Pour atteindre l'équité en matière de santé dans les soins liés au diabète, il faut agir à plusieurs niveaux : les fournisseurs doivent acquérir des compétences culturelles et fournir des soins axés sur le patient qui respectent les différences culturelles; les organismes de santé doivent investir dans des programmes adaptés à la culture, le développement de la main-d'oeuvre diversifiée et les partenariats avec les organismes communautaires; les payeurs doivent fournir un remboursement adéquat pour les services adaptés à la culture; les décideurs doivent s'attaquer aux déterminants sociaux de la santé qui favorisent les disparités et tiennent les systèmes de santé responsables de la réduction des inégalités.
L'objectif ultime n'est pas seulement de fournir une éducation adaptée à la culture du diabète, mais de créer des systèmes de santé qui soient intrinsèquement équitables, où tous les patients reçoivent des soins de qualité et culturellement appropriés, bien entendu, et non pas comme un programme ou une initiative spécial, ce qui exige un engagement soutenu en faveur de l'équité en matière de santé en tant que valeur organisationnelle fondamentale et un travail continu pour identifier et corriger les disparités.
Pour les fournisseurs de soins primaires qui servent diverses collectivités, l'impératif est clair : l'éducation générale sur le diabète ne suffit pas à répondre aux besoins de tous les patients.L'adaptation culturelle n'est pas facultative – elle est essentielle pour fournir des soins efficaces et équitables.
Les données probantes qui appuient l'éducation adaptée à la culture du diabète continuent de croître, fournissant des conseils de plus en plus clairs sur des stratégies efficaces. Les styles d'apprentissage, adaptés à la culture et soutenus par la technologie, permettent d'améliorer sensiblement la maîtrise de la glycémie, la détresse, l'auto-soins et la prévention des complications.

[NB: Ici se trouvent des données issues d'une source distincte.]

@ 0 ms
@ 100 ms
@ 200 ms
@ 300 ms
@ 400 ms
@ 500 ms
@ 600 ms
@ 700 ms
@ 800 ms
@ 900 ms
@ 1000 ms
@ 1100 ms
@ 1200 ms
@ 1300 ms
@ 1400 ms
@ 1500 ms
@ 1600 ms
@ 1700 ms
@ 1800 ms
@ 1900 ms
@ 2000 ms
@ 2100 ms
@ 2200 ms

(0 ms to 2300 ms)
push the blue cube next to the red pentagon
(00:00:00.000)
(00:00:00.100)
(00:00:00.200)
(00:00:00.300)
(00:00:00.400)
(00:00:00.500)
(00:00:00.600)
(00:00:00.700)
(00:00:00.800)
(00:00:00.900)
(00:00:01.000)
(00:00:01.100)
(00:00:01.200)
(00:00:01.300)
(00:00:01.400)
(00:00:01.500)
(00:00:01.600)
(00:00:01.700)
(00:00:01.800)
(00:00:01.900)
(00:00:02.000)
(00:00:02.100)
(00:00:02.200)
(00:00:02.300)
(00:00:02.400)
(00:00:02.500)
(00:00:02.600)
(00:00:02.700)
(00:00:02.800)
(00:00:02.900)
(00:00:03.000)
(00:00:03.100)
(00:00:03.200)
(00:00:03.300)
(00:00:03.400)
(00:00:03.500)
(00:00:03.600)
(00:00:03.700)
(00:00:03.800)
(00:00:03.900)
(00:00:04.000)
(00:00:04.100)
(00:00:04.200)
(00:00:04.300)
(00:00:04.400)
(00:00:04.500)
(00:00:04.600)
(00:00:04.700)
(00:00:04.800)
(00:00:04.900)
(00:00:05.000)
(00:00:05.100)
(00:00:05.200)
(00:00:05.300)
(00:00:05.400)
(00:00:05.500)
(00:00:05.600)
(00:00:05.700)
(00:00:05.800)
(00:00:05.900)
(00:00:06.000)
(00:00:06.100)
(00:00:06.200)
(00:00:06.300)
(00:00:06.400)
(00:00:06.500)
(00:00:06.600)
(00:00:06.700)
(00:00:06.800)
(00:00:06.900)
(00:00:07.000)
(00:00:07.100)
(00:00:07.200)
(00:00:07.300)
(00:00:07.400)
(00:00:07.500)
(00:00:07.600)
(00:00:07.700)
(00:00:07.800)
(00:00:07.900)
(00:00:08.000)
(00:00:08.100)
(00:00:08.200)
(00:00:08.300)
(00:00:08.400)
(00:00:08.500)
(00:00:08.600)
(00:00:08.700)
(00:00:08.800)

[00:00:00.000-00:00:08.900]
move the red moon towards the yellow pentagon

Chaque patient mérite une éducation sur le diabète compréhensible, pertinente et réalisable dans son contexte culturel et dans sa vie. En s'engageant à adopter des approches adaptées à sa culture, les fournisseurs de soins primaires peuvent s'assurer que tous les patients, sans égard à leur race, leur appartenance ethnique, leur langue ou leur statut socioéconomique, possèdent les connaissances, les compétences et le soutien dont ils ont besoin pour gérer avec succès le diabète et vivre en santé et vivre une vie satisfaisante.
Pour en savoir plus sur l'éducation et le soutien en matière de gestion du diabète, visitez les ressources de la CDC en matière d'éducation [. Pour en savoir plus sur les services de santé adaptés aux cultures et aux langues, consultez les Normes nationales CLAS[. Des ressources supplémentaires sur la lutte contre les disparités en matière de santé peuvent être trouvées par l'intermédiaire de Agence de recherche et de qualité en santé[.